What to work on: Where the listing below reaches the line containing "cover by kind: herbaceous", start writing out lines exactly, and stop once the line containing "longitude: 26.4139" has been written.

Source records:
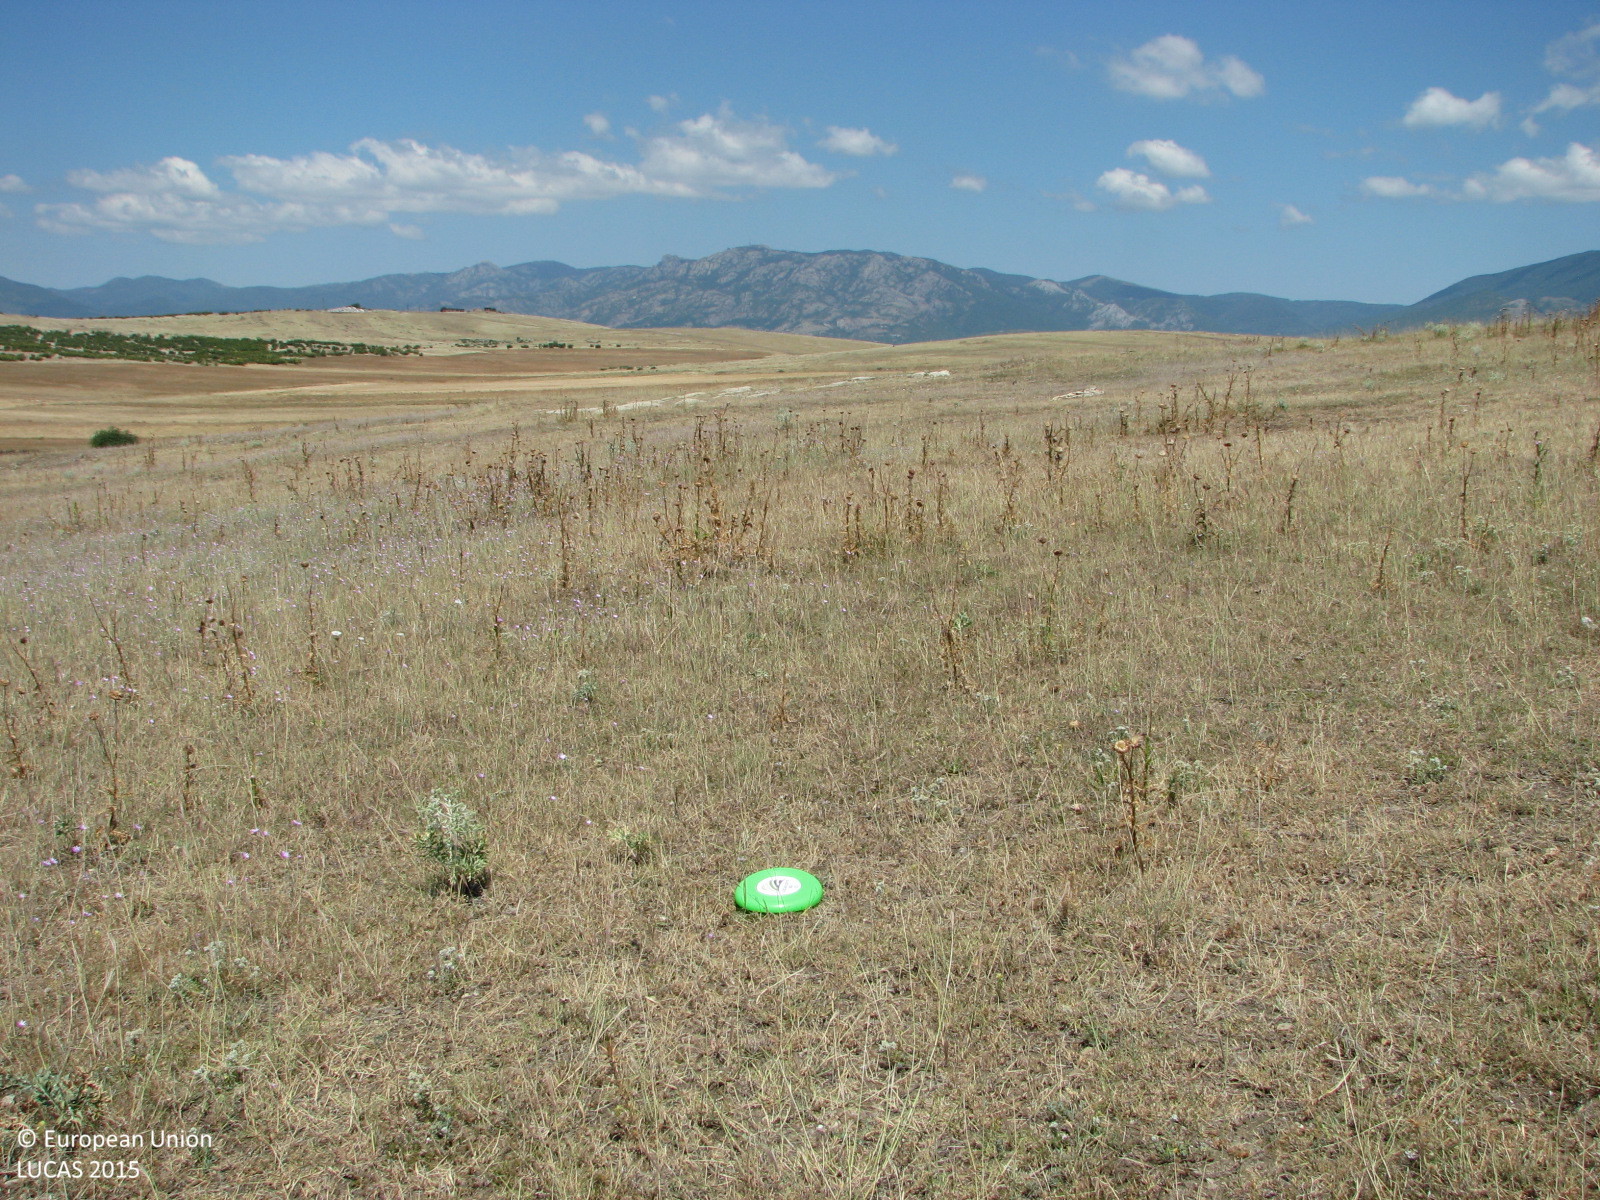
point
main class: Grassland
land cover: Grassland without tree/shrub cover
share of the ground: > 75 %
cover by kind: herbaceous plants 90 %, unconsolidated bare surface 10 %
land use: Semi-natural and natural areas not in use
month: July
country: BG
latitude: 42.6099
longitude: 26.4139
---
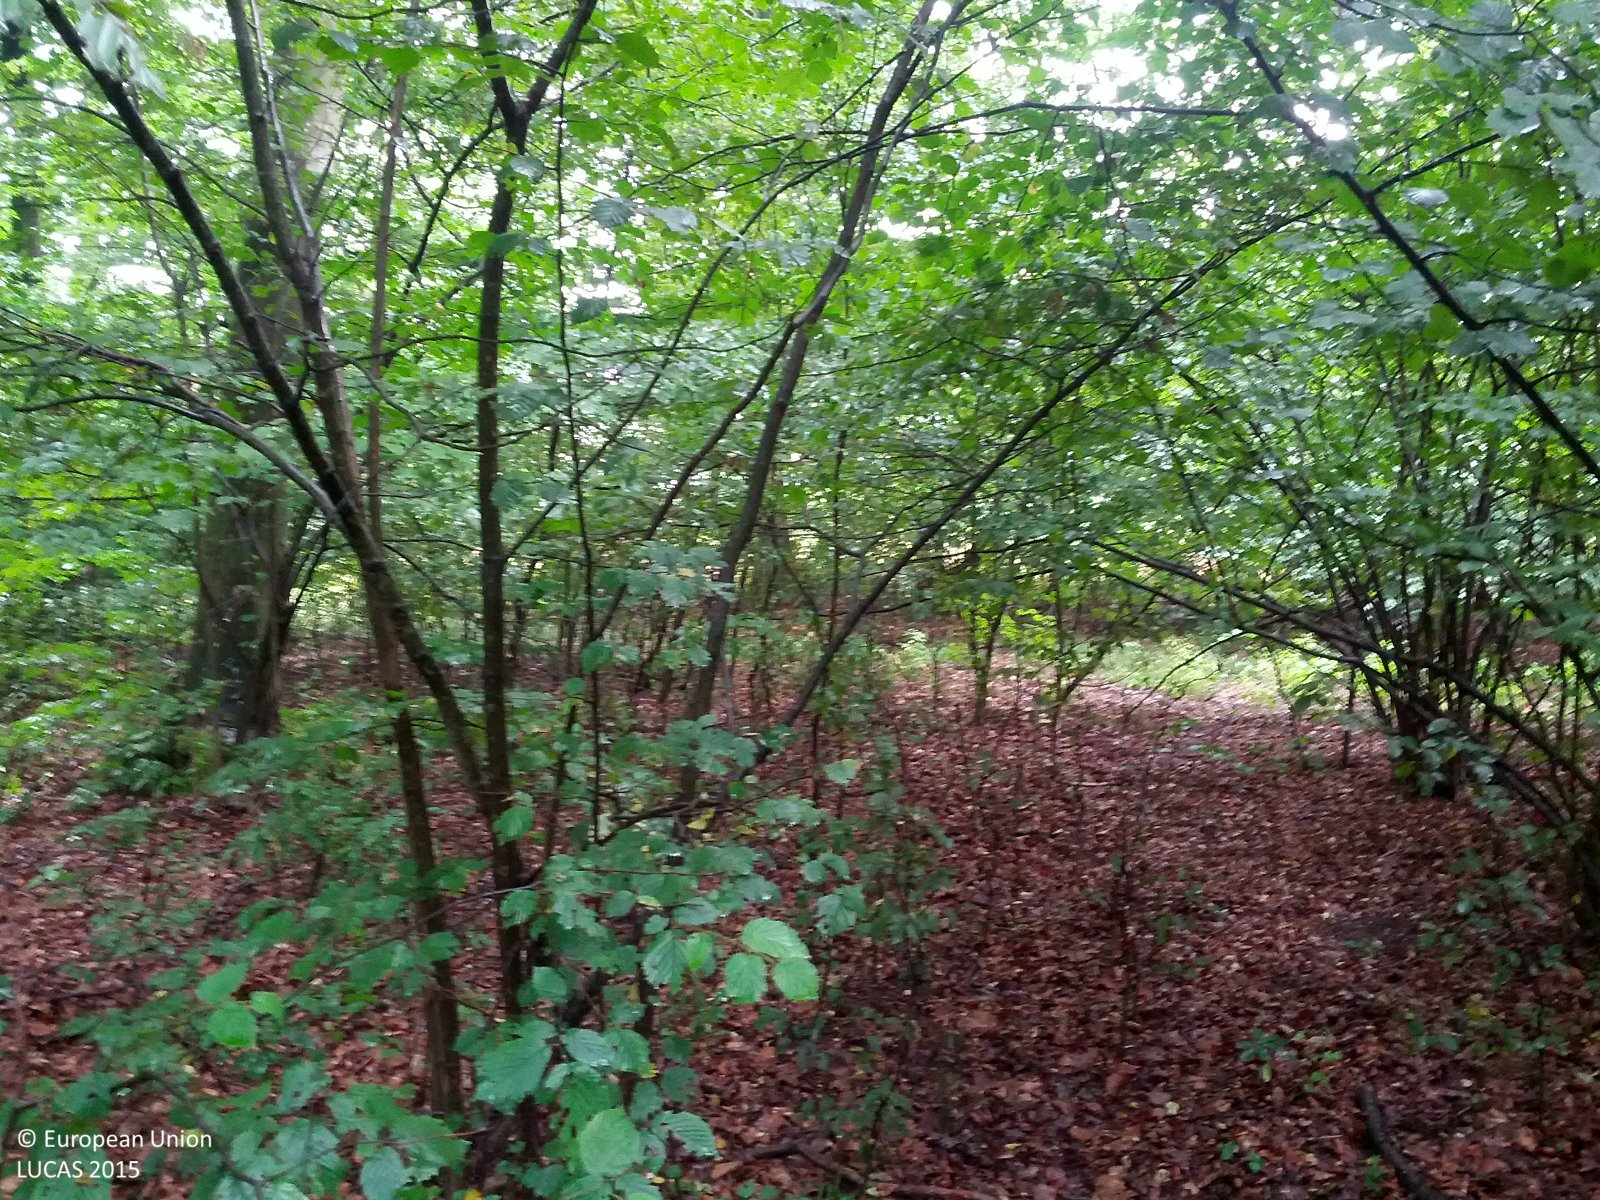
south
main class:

Result of this task:
cover by kind: herbaceous plants 90 %, unconsolidated bare surface 10 %
land use: Semi-natural and natural areas not in use
month: July
country: BG
latitude: 42.6099
longitude: 26.4139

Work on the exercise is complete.